O namoro de hoje em dia já é alguma coisa muito mais instável do que foi, digamos, há meio século atrás. Sem contar que desconfio que esteja germinando já uma desconfiança para com o namoro.
“Bom mesmo é o relacionamento aberto”, eis um pressuposto que já se vê pelo ar, tênue, mas presente. O problema é que as pessoas na nossa sociedade ainda não estão tão condicionadas.
Ninguém escuta ao dormir um gravador repetindo “cada um pertence a todos”. Portanto, as pessoas são possessivas. Mas nada disso está fixo na carne – não duvido que uma manifestação midiática em filmes, novelas televisivas e demais veículos de massa não produza um efeito quase tão bom quanto os da hipnopedia sugerida por Huxley.
E eu não estou dizendo que tudo isso está errado. É um reflexo da época e da cultura. No Admirável Mundo Novo, tais pautas eram dadas por um estado totalitário que se auto-perpetuava através da sujeição, massificação e controle dos indivíduos. Na nossa realidade, temos as resultantes de uma série de influências, políticas, interesses, subjetivações que obedecem a determinados interesses, ora mais, ora menos hegemônicos.
Não quer dizer que esse comportamento seja uma infantilização das emoções humanas, uma entrega ao imediatismo gratuito e impessoal.

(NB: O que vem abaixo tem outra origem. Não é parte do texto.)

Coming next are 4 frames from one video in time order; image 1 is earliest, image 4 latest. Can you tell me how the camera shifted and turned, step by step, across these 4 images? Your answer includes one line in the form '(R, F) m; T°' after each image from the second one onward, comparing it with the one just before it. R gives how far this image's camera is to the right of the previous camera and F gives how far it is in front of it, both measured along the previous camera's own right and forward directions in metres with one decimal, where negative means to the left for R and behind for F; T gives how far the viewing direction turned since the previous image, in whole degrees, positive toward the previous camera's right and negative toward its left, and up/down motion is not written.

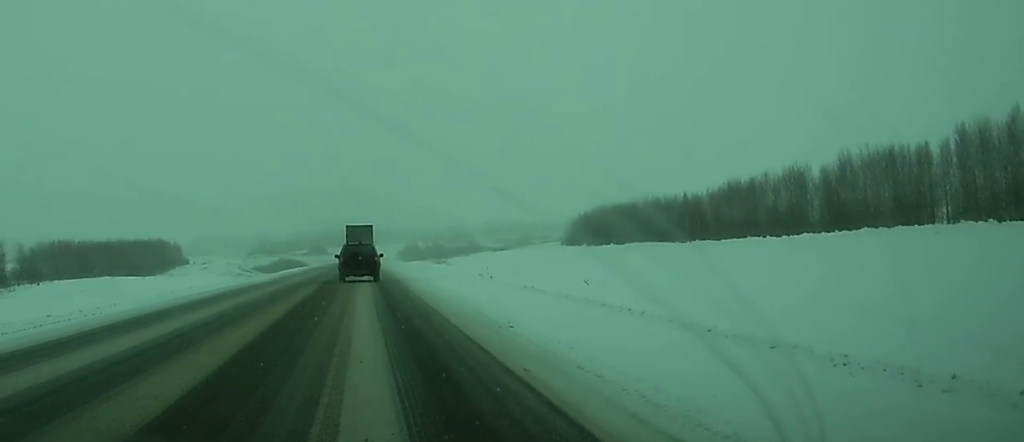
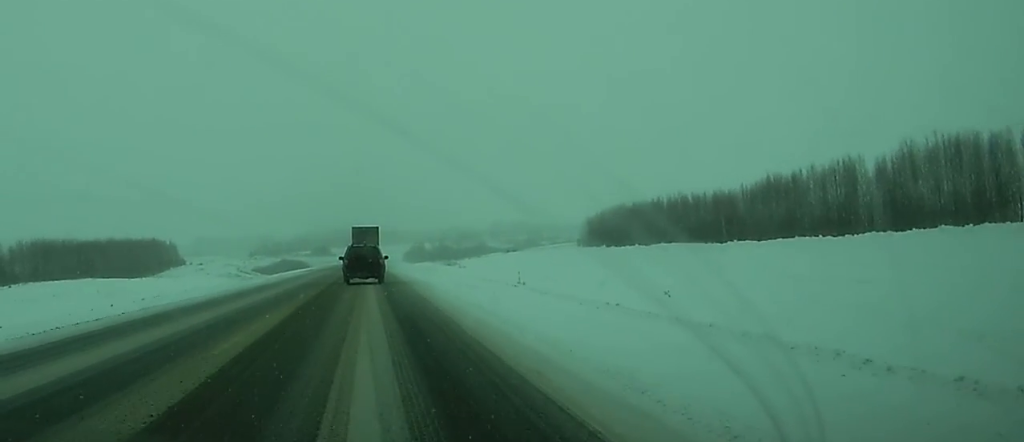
(0.0, +13.5) m; 0°
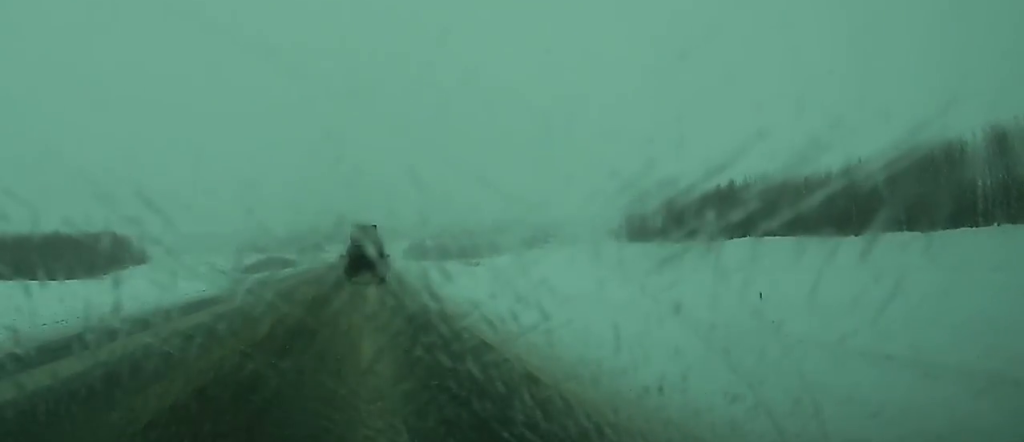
(0.0, +40.3) m; 0°
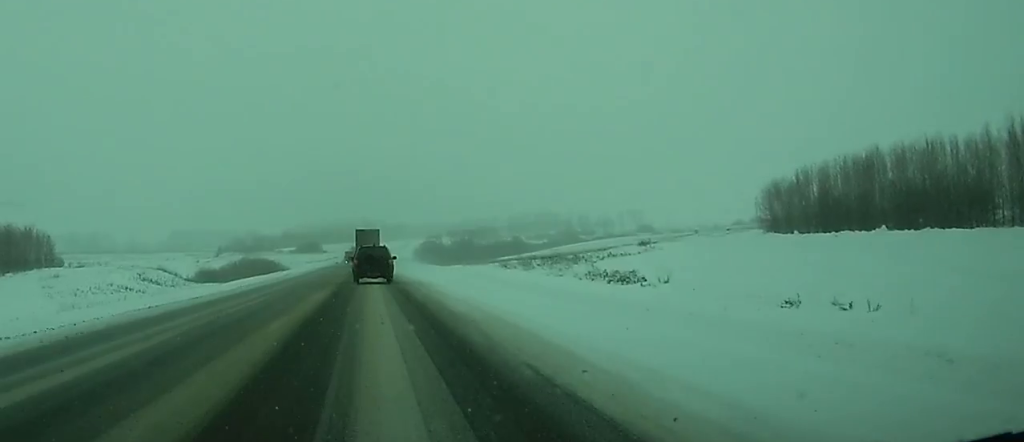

Mas eu não posso deixar de pensar que é bem possível que seja esse o caso, ainda assim.
Ou é bem possível que ele venha a se tornar o caso, ou que já o seja em alguns estratos da população.
É sem dúvida uma forma de sofrer pouco, se frustrar pouco, já que não há investimento intenso em quase (?) nada.
Não se reconhece mais nada de si no mundo externo, então não se perde nada com a quebra das relações. É um agitado desapego.
Pois é aí então que eu me pergunto: seria eu um Selvagem?.....(Muitos risos)......

Porto Alegre, na Assunção, nublado, num raro entardecer ( 20 horas é entardecer???) de relativa folga, 29 de outubro 2008.